Information:

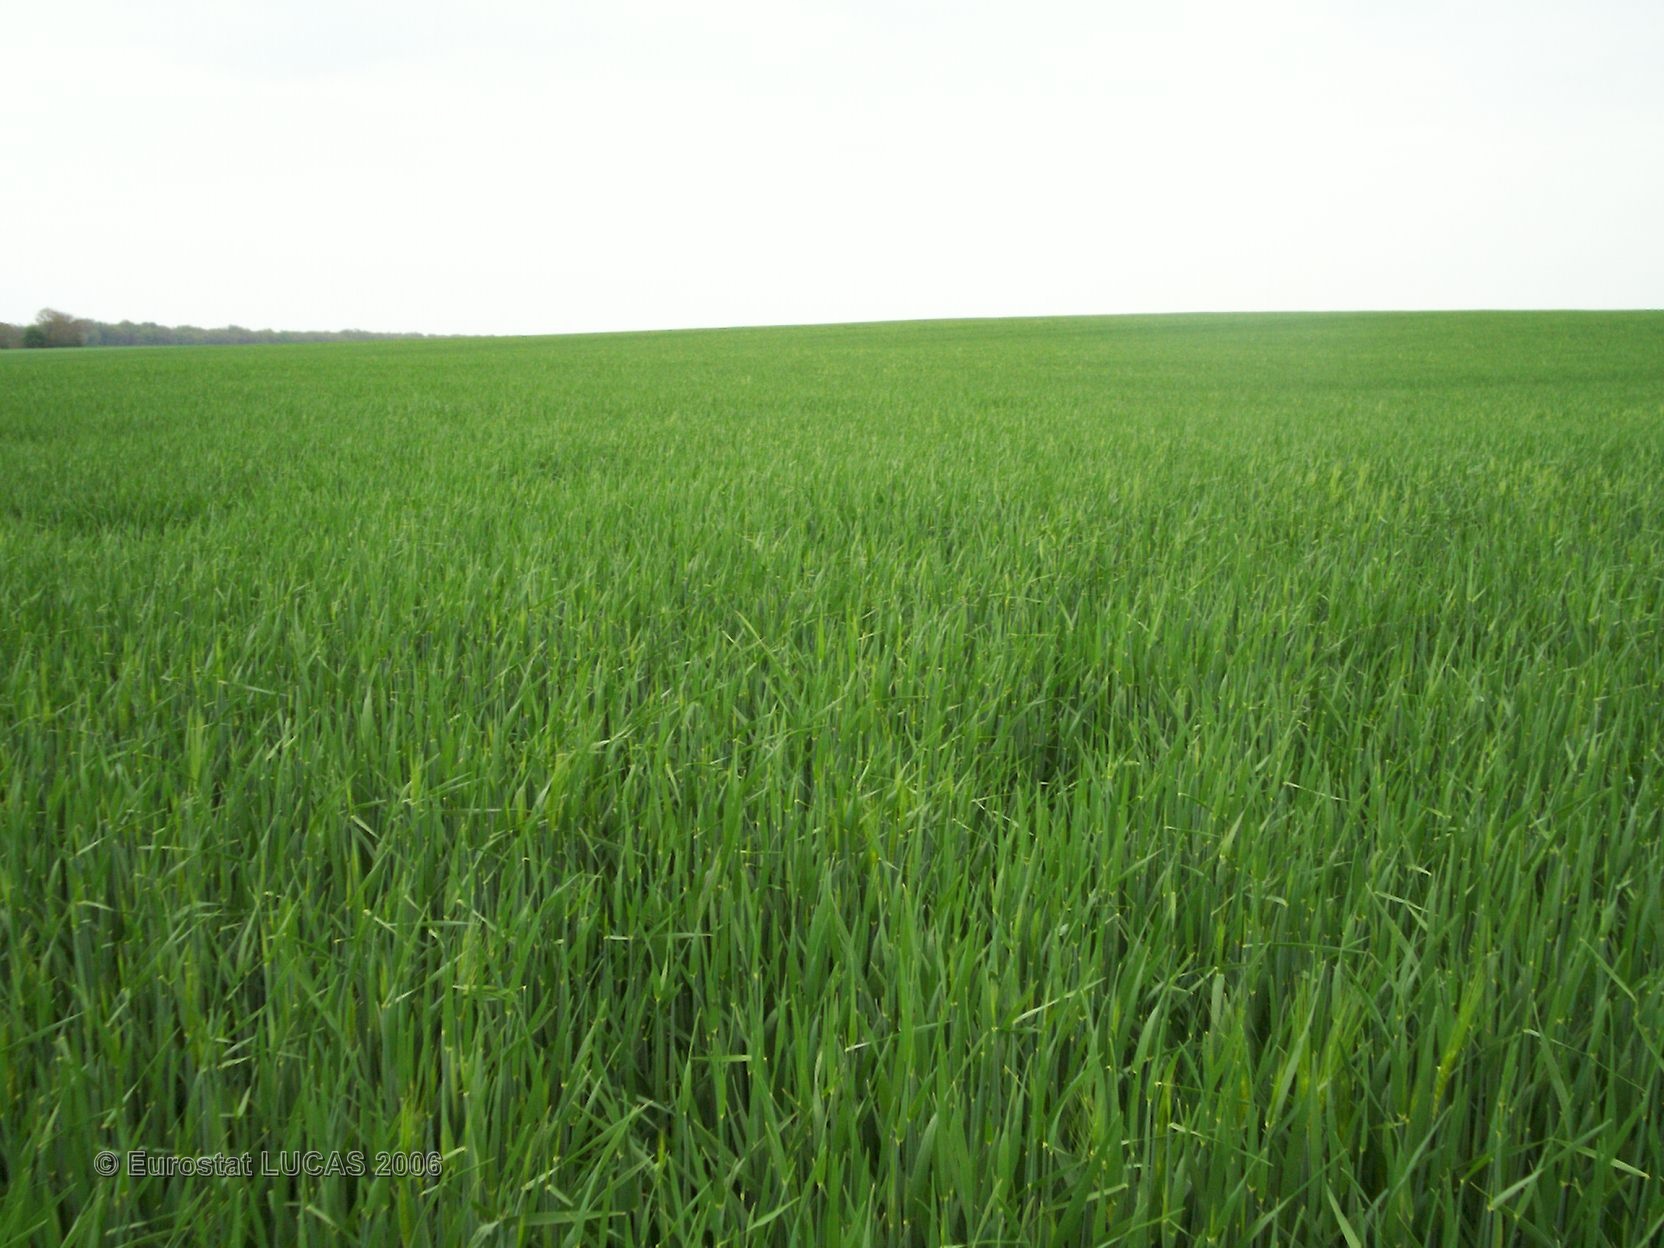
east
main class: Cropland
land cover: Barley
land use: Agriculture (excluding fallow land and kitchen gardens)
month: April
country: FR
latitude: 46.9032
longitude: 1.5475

...

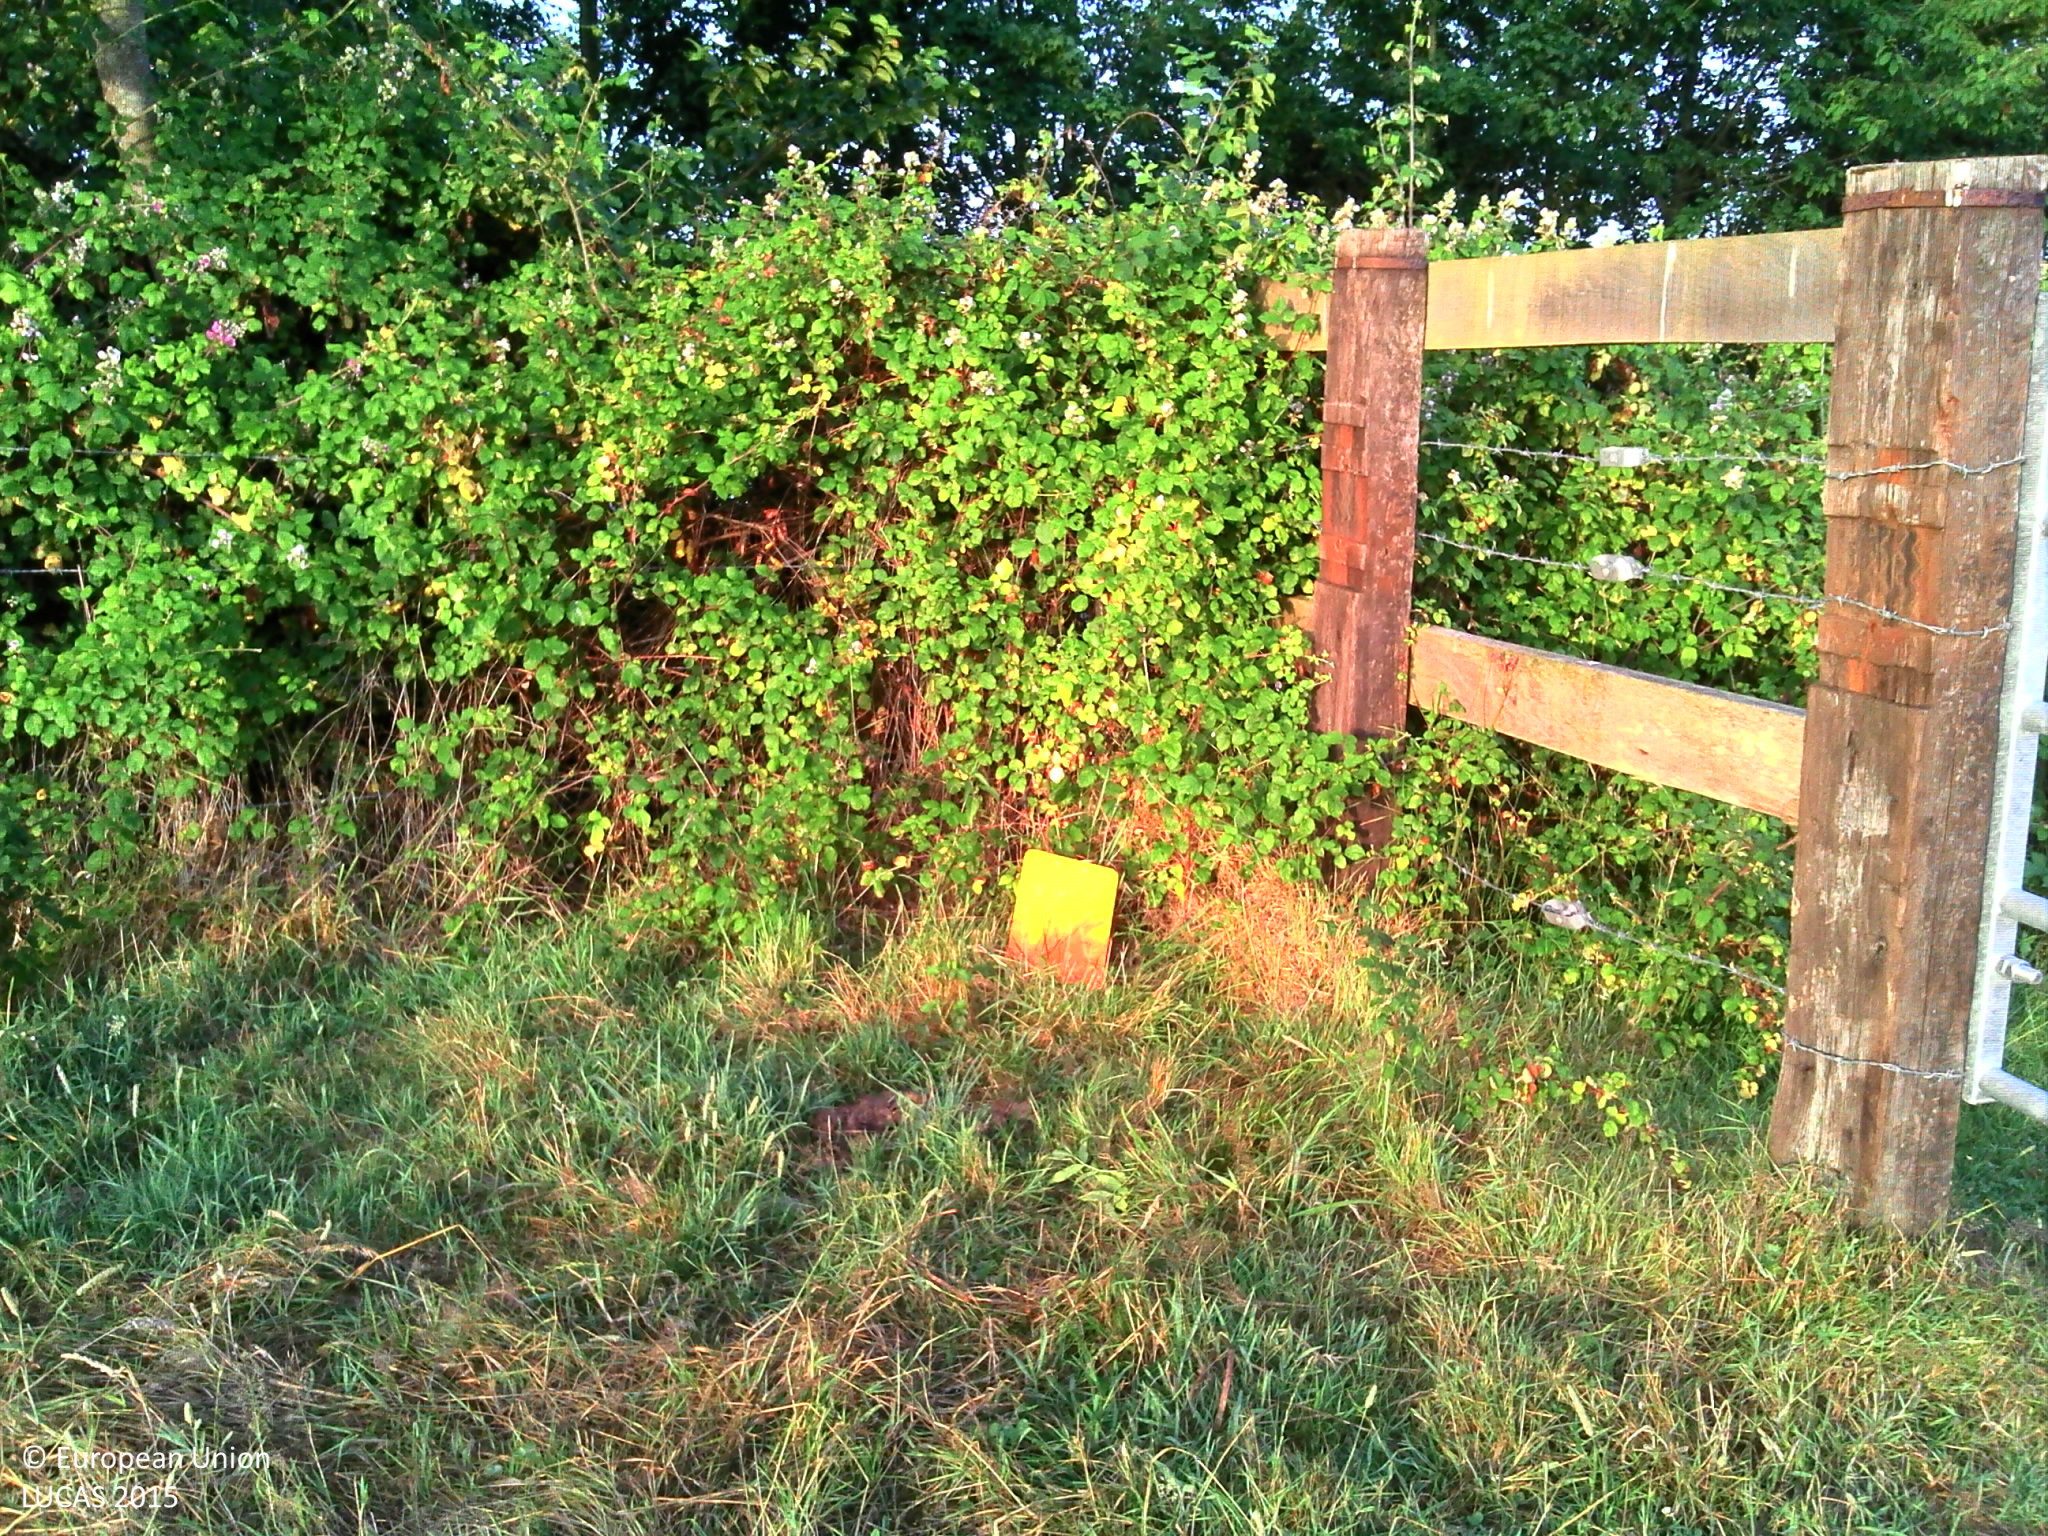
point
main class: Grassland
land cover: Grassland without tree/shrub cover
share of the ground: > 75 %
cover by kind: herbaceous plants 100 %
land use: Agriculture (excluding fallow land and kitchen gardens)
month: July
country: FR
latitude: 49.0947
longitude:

Task requirements: Within the material above, copy exactly the lines from the line that holds "land cover: Barley" up to and including the line that holds "longitude: 1.5475".

Written solution:
land cover: Barley
land use: Agriculture (excluding fallow land and kitchen gardens)
month: April
country: FR
latitude: 46.9032
longitude: 1.5475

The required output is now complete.